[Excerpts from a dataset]
----
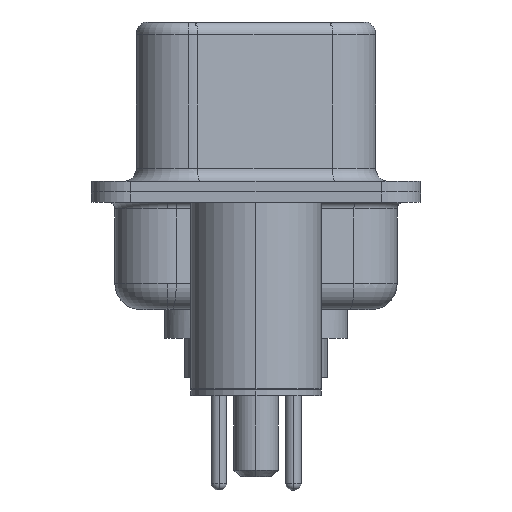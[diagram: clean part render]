
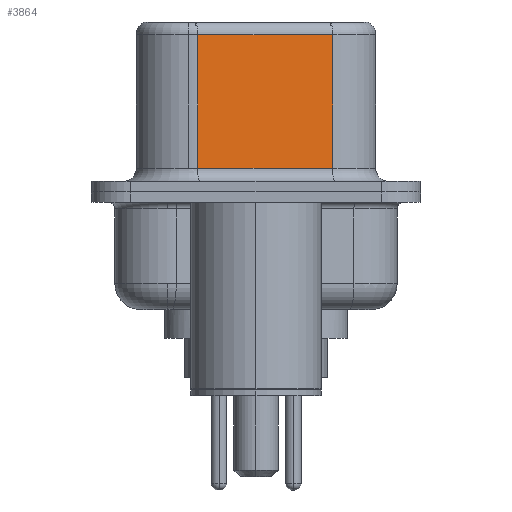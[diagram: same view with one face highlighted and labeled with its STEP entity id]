
A CAD part, left-side view. The second image highlights one B-rep face of the part: STEP entity #3864.
In plain terms, the highlighted planar face has unit normal (-0.985, -0.174, 0).
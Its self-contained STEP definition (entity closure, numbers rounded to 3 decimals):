
#336 = FACE_OUTER_BOUND ( 'NONE', #2349, .T. ) ;
#668 = EDGE_CURVE ( 'NONE', #17192, #7700, #15171, .T. ) ;
#2105 = VECTOR ( 'NONE', #17629, 1000. ) ;
#2349 = EDGE_LOOP ( 'NONE', ( #5064, #10065, #19275, #6127 ) ) ;
#3864 = ADVANCED_FACE ( 'NONE', ( #336 ), #18004, .F. ) ;
#4353 = LINE ( 'NONE', #10909, #8278 ) ;
#4656 = DIRECTION ( 'NONE',  ( 0.174, -0.985, 0. ) ) ;
#5064 = ORIENTED_EDGE ( 'NONE', *, *, #9253, .F. ) ;
#5070 = DIRECTION ( 'NONE',  ( 0., 0., -1. ) ) ;
#5122 = CARTESIAN_POINT ( 'NONE',  ( 4.58, -2.927, 6.52 ) ) ;
#6127 = ORIENTED_EDGE ( 'NONE', *, *, #20103, .T. ) ;
#7452 = LINE ( 'NONE', #7953, #10908 ) ;
#7700 = VERTEX_POINT ( 'NONE', #20708 ) ;
#7953 = CARTESIAN_POINT ( 'NONE',  ( 4.58, -2.927, 0.9 ) ) ;
#8278 = VECTOR ( 'NONE', #14419, 1000. ) ;
#8522 = DIRECTION ( 'NONE',  ( -0.174, 0.985, 0. ) ) ;
#9253 = EDGE_CURVE ( 'NONE', #17192, #10758, #14823, .T. ) ;
#9605 = CARTESIAN_POINT ( 'NONE',  ( 4.58, -2.927, 6.02 ) ) ;
#10065 = ORIENTED_EDGE ( 'NONE', *, *, #668, .T. ) ;
#10758 = VERTEX_POINT ( 'NONE', #11550 ) ;
#10908 = VECTOR ( 'NONE', #4656, 1000. ) ;
#10909 = CARTESIAN_POINT ( 'NONE',  ( 3.67, 2.233, 6.52 ) ) ;
#11201 = EDGE_CURVE ( 'NONE', #7700, #17279, #4353, .T. ) ;
#11550 = CARTESIAN_POINT ( 'NONE',  ( 4.58, -2.927, 0.9 ) ) ;
#14352 = AXIS2_PLACEMENT_3D ( 'NONE', #17360, #16872, #8522 ) ;
#14419 = DIRECTION ( 'NONE',  ( 0., 0., -1. ) ) ;
#14823 = LINE ( 'NONE', #5122, #18873 ) ;
#15171 = LINE ( 'NONE', #15709, #2105 ) ;
#15709 = CARTESIAN_POINT ( 'NONE',  ( 4.58, -2.927, 6.02 ) ) ;
#16872 = DIRECTION ( 'NONE',  ( 0.985, 0.174, 0. ) ) ;
#17192 = VERTEX_POINT ( 'NONE', #9605 ) ;
#17279 = VERTEX_POINT ( 'NONE', #18568 ) ;
#17360 = CARTESIAN_POINT ( 'NONE',  ( 4.58, -2.927, 6.52 ) ) ;
#17629 = DIRECTION ( 'NONE',  ( -0.174, 0.985, 0. ) ) ;
#18004 = PLANE ( 'NONE',  #14352 ) ;
#18568 = CARTESIAN_POINT ( 'NONE',  ( 3.67, 2.233, 0.9 ) ) ;
#18873 = VECTOR ( 'NONE', #5070, 1000. ) ;
#19275 = ORIENTED_EDGE ( 'NONE', *, *, #11201, .T. ) ;
#20103 = EDGE_CURVE ( 'NONE', #17279, #10758, #7452, .T. ) ;
#20708 = CARTESIAN_POINT ( 'NONE',  ( 3.67, 2.233, 6.02 ) ) ;
----
WORK INSTRUCTION: Print the records exactly and omit all pictures.

ANSWER FOR THIS EXERCISE:
[diagram: clean part render]
[diagram: same view with one face highlighted and labeled with its STEP entity id]
A CAD part, left-side view. The second image highlights one B-rep face of the part: STEP entity #3864.
In plain terms, the highlighted planar face has unit normal (-0.985, -0.174, 0).
Its self-contained STEP definition (entity closure, numbers rounded to 3 decimals):
#336 = FACE_OUTER_BOUND ( 'NONE', #2349, .T. ) ;
#668 = EDGE_CURVE ( 'NONE', #17192, #7700, #15171, .T. ) ;
#2105 = VECTOR ( 'NONE', #17629, 1000. ) ;
#2349 = EDGE_LOOP ( 'NONE', ( #5064, #10065, #19275, #6127 ) ) ;
#3864 = ADVANCED_FACE ( 'NONE', ( #336 ), #18004, .F. ) ;
#4353 = LINE ( 'NONE', #10909, #8278 ) ;
#4656 = DIRECTION ( 'NONE',  ( 0.174, -0.985, 0. ) ) ;
#5064 = ORIENTED_EDGE ( 'NONE', *, *, #9253, .F. ) ;
#5070 = DIRECTION ( 'NONE',  ( 0., 0., -1. ) ) ;
#5122 = CARTESIAN_POINT ( 'NONE',  ( 4.58, -2.927, 6.52 ) ) ;
#6127 = ORIENTED_EDGE ( 'NONE', *, *, #20103, .T. ) ;
#7452 = LINE ( 'NONE', #7953, #10908 ) ;
#7700 = VERTEX_POINT ( 'NONE', #20708 ) ;
#7953 = CARTESIAN_POINT ( 'NONE',  ( 4.58, -2.927, 0.9 ) ) ;
#8278 = VECTOR ( 'NONE', #14419, 1000. ) ;
#8522 = DIRECTION ( 'NONE',  ( -0.174, 0.985, 0. ) ) ;
#9253 = EDGE_CURVE ( 'NONE', #17192, #10758, #14823, .T. ) ;
#9605 = CARTESIAN_POINT ( 'NONE',  ( 4.58, -2.927, 6.02 ) ) ;
#10065 = ORIENTED_EDGE ( 'NONE', *, *, #668, .T. ) ;
#10758 = VERTEX_POINT ( 'NONE', #11550 ) ;
#10908 = VECTOR ( 'NONE', #4656, 1000. ) ;
#10909 = CARTESIAN_POINT ( 'NONE',  ( 3.67, 2.233, 6.52 ) ) ;
#11201 = EDGE_CURVE ( 'NONE', #7700, #17279, #4353, .T. ) ;
#11550 = CARTESIAN_POINT ( 'NONE',  ( 4.58, -2.927, 0.9 ) ) ;
#14352 = AXIS2_PLACEMENT_3D ( 'NONE', #17360, #16872, #8522 ) ;
#14419 = DIRECTION ( 'NONE',  ( 0., 0., -1. ) ) ;
#14823 = LINE ( 'NONE', #5122, #18873 ) ;
#15171 = LINE ( 'NONE', #15709, #2105 ) ;
#15709 = CARTESIAN_POINT ( 'NONE',  ( 4.58, -2.927, 6.02 ) ) ;
#16872 = DIRECTION ( 'NONE',  ( 0.985, 0.174, 0. ) ) ;
#17192 = VERTEX_POINT ( 'NONE', #9605 ) ;
#17279 = VERTEX_POINT ( 'NONE', #18568 ) ;
#17360 = CARTESIAN_POINT ( 'NONE',  ( 4.58, -2.927, 6.52 ) ) ;
#17629 = DIRECTION ( 'NONE',  ( -0.174, 0.985, 0. ) ) ;
#18004 = PLANE ( 'NONE',  #14352 ) ;
#18568 = CARTESIAN_POINT ( 'NONE',  ( 3.67, 2.233, 0.9 ) ) ;
#18873 = VECTOR ( 'NONE', #5070, 1000. ) ;
#19275 = ORIENTED_EDGE ( 'NONE', *, *, #11201, .T. ) ;
#20103 = EDGE_CURVE ( 'NONE', #17279, #10758, #7452, .T. ) ;
#20708 = CARTESIAN_POINT ( 'NONE',  ( 3.67, 2.233, 6.02 ) ) ;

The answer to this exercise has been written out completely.